Since the sequence in question is bounded in $[0, 1],$ by the Bolzano--Weierstrass theorem, there must be a subsequence $X_{n_{1}}, X_{n_{2}}, X_{n_{3}}, \dots$ such that the limit

$$L = \lim_{i \rightarrow \infty}\mathrm{Prob}(X_{n_{i}} \otimes_{\mathbb{Z}} \mathbb{Z}/m\mathbb{Z} \simeq H)$$ exists for any $H \in \mathcal{A}_{m}.$

For contradiction, suppose that the sequence in question does not converge for some $H \in \mathcal{A}_{m}.$ This means that there exists $\epsilon > 0$ and a subsequence $X_{m_{1}}, X_{m_{2}}, X_{m_{3}}, \dots$ such that

$$|\mathrm{Prob}(X_{m_{i}} \otimes_{\mathbb{Z}} \mathbb{Z}/m\mathbb{Z} \simeq H) - L| \geq \epsilon.$$ We may refine this subsequence by the Bolzano--Weirstrass theorem to assume that the limit $$\lim_{i \rightarrow \infty}\mathrm{Prob}(X_{m_{i}} \otimes_{\mathbb{Z}} \mathbb{Z}/m\mathbb{Z} \simeq H)$$ exists.
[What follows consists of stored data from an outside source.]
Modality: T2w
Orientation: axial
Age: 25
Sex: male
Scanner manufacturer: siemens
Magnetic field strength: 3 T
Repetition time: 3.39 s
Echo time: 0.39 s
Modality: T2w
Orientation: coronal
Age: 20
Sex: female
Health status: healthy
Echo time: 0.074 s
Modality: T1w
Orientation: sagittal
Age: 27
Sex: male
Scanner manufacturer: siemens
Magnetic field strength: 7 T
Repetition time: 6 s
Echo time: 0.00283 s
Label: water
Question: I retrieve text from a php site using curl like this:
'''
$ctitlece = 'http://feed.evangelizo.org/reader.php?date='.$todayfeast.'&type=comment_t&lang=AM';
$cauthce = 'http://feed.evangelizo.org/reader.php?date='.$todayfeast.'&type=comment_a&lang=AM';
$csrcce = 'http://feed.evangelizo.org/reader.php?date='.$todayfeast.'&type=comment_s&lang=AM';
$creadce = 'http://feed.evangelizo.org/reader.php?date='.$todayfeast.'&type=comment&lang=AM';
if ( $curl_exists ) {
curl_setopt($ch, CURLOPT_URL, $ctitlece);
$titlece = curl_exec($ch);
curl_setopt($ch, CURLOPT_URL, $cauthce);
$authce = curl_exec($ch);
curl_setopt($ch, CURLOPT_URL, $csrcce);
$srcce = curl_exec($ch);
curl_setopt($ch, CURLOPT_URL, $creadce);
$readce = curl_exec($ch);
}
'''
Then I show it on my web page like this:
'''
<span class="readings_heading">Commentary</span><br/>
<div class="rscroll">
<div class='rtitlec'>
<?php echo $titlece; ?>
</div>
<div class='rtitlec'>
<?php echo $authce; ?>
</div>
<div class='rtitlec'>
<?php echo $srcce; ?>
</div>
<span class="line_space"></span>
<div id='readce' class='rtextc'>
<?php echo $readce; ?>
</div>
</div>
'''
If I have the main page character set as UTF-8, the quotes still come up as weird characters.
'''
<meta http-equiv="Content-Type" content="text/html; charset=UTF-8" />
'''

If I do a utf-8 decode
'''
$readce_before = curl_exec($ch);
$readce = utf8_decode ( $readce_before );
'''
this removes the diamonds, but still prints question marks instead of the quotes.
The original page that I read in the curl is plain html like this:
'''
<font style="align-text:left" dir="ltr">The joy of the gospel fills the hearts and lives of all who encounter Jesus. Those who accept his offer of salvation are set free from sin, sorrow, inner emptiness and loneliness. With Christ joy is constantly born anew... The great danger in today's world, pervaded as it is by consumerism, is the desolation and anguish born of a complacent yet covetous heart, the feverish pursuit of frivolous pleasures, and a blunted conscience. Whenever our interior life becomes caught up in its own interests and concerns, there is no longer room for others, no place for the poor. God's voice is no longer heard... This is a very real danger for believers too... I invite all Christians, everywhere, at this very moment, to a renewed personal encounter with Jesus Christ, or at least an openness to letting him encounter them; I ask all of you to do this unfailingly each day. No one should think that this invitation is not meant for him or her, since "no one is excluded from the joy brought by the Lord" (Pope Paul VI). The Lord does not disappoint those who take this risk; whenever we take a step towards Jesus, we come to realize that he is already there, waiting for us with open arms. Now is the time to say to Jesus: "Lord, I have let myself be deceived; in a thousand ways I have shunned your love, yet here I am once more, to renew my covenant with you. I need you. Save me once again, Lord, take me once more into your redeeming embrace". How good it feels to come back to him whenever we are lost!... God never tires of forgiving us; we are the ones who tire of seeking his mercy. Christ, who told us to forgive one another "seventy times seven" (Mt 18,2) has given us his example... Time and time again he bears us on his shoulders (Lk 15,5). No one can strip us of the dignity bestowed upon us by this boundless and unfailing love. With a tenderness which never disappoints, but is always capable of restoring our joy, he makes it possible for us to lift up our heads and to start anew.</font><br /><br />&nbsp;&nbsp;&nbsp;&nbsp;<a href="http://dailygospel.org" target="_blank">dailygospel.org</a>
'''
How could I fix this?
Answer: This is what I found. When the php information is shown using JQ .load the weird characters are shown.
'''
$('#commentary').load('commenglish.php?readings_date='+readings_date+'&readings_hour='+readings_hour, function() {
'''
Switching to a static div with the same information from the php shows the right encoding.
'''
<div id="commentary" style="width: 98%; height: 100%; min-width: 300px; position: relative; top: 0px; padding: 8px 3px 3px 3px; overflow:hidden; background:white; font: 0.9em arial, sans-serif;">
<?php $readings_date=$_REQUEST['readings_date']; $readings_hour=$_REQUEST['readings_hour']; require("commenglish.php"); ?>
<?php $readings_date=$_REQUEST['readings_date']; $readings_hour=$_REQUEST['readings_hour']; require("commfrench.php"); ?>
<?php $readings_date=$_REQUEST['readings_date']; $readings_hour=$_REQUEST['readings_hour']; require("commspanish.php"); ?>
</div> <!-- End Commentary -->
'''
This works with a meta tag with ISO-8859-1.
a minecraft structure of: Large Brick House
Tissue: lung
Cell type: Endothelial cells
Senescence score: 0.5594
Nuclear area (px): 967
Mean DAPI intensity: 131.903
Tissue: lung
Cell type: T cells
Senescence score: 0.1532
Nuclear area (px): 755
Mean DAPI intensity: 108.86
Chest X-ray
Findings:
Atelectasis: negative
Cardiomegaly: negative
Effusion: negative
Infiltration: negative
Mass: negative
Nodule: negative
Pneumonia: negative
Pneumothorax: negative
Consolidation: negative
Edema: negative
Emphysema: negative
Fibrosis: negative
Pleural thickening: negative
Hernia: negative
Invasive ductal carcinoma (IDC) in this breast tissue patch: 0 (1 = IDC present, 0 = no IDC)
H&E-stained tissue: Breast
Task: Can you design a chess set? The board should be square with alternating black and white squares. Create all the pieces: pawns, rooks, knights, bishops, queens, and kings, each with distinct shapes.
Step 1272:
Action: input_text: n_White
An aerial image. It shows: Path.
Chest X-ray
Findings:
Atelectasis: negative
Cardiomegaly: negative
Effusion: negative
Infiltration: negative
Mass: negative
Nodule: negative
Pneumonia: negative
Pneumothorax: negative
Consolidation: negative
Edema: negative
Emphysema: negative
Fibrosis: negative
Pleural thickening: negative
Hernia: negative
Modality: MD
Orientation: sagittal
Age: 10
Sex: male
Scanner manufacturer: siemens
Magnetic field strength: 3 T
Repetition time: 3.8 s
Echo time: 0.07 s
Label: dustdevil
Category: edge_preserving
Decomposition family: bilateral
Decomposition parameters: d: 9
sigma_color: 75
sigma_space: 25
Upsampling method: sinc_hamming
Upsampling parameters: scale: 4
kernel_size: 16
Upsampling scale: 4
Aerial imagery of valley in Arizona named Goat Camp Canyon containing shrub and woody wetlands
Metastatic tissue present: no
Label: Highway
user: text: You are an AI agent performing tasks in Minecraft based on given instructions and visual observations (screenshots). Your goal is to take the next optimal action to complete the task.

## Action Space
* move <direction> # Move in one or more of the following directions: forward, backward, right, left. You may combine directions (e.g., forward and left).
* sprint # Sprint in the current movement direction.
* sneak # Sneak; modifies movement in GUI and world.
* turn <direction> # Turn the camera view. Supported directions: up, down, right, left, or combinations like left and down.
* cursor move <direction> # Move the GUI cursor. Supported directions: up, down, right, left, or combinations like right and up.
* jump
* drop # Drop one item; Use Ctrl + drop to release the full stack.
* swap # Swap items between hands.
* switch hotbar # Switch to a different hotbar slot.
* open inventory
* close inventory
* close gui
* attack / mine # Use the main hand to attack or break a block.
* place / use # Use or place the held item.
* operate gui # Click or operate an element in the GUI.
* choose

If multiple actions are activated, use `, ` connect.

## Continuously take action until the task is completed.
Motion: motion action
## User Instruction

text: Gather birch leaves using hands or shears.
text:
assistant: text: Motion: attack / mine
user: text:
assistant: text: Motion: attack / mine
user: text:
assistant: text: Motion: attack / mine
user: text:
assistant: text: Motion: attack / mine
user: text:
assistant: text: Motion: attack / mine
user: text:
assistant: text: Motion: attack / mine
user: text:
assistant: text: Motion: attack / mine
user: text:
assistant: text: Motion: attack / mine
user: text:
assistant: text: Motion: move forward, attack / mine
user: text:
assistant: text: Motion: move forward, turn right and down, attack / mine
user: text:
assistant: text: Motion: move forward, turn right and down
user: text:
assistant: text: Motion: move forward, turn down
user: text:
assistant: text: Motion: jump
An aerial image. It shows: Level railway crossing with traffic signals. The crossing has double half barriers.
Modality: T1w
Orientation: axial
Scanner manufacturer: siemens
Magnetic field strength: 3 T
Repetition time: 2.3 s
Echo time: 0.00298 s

The contradiction comes from the fact that $$\lim_{i \rightarrow \infty}\mathrm{Prob}(X_{m_{i}} \otimes_{\mathbb{Z}} \mathbb{Z}/m\mathbb{Z} \simeq H) \neq L,$$ because if we go through Step 1 and Step 2 with these two subsequences, Step 2 tells us that the two limits must be equal. This finishes the proof of Step 3.